**What is expected**. Please set down the line that contains "LaTeX: ABBDD" and every line below it through the last, exactly as written, with no other lines.

**Provided data**.
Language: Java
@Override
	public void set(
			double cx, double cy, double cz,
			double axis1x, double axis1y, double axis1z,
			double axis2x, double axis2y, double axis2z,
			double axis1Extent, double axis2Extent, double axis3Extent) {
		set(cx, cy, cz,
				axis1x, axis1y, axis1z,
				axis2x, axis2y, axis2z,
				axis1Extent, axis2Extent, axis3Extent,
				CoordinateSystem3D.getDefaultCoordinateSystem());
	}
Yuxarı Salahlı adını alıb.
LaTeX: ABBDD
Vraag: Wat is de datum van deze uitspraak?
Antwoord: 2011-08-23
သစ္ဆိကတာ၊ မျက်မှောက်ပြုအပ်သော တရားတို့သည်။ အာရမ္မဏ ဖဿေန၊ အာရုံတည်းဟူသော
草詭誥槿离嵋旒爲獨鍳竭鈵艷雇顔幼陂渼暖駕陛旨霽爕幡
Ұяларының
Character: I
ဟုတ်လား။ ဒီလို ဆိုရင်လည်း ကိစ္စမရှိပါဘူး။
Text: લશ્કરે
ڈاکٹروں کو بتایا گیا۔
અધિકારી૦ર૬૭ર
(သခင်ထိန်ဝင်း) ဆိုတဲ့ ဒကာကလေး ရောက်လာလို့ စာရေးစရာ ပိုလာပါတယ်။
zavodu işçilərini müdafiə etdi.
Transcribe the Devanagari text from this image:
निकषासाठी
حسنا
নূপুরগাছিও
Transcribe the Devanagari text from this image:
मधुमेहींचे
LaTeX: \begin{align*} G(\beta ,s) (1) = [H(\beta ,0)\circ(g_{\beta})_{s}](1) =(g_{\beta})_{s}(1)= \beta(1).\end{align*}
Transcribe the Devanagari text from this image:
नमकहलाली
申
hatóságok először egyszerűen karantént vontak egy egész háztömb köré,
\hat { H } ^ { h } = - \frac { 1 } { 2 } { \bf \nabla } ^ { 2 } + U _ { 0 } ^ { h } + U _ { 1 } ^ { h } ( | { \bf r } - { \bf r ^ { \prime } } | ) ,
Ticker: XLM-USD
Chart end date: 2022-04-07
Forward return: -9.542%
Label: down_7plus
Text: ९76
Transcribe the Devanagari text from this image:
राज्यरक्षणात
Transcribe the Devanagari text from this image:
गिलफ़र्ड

**Result below**.
LaTeX: ABBDD
Vraag: Wat is de datum van deze uitspraak?
Antwoord: 2011-08-23
သစ္ဆိကတာ၊ မျက်မှောက်ပြုအပ်သော တရားတို့သည်။ အာရမ္မဏ ဖဿေန၊ အာရုံတည်းဟူသော
草詭誥槿离嵋旒爲獨鍳竭鈵艷雇顔幼陂渼暖駕陛旨霽爕幡
Ұяларының
Character: I
ဟုတ်လား။ ဒီလို ဆိုရင်လည်း ကိစ္စမရှိပါဘူး။
Text: લશ્કરે
ڈاکٹروں کو بتایا گیا۔
અધિકારી૦ર૬૭ર
(သခင်ထိန်ဝင်း) ဆိုတဲ့ ဒကာကလေး ရောက်လာလို့ စာရေးစရာ ပိုလာပါတယ်။
zavodu işçilərini müdafiə etdi.
Transcribe the Devanagari text from this image:
निकषासाठी
حسنا
নূপুরগাছিও
Transcribe the Devanagari text from this image:
मधुमेहींचे
LaTeX: \begin{align*} G(\beta ,s) (1) = [H(\beta ,0)\circ(g_{\beta})_{s}](1) =(g_{\beta})_{s}(1)= \beta(1).\end{align*}
Transcribe the Devanagari text from this image:
नमकहलाली
申
hatóságok először egyszerűen karantént vontak egy egész háztömb köré,
\hat { H } ^ { h } = - \frac { 1 } { 2 } { \bf \nabla } ^ { 2 } + U _ { 0 } ^ { h } + U _ { 1 } ^ { h } ( | { \bf r } - { \bf r ^ { \prime } } | ) ,
Ticker: XLM-USD
Chart end date: 2022-04-07
Forward return: -9.542%
Label: down_7plus
Text: ९76
Transcribe the Devanagari text from this image:
राज्यरक्षणात
Transcribe the Devanagari text from this image:
गिलफ़र्ड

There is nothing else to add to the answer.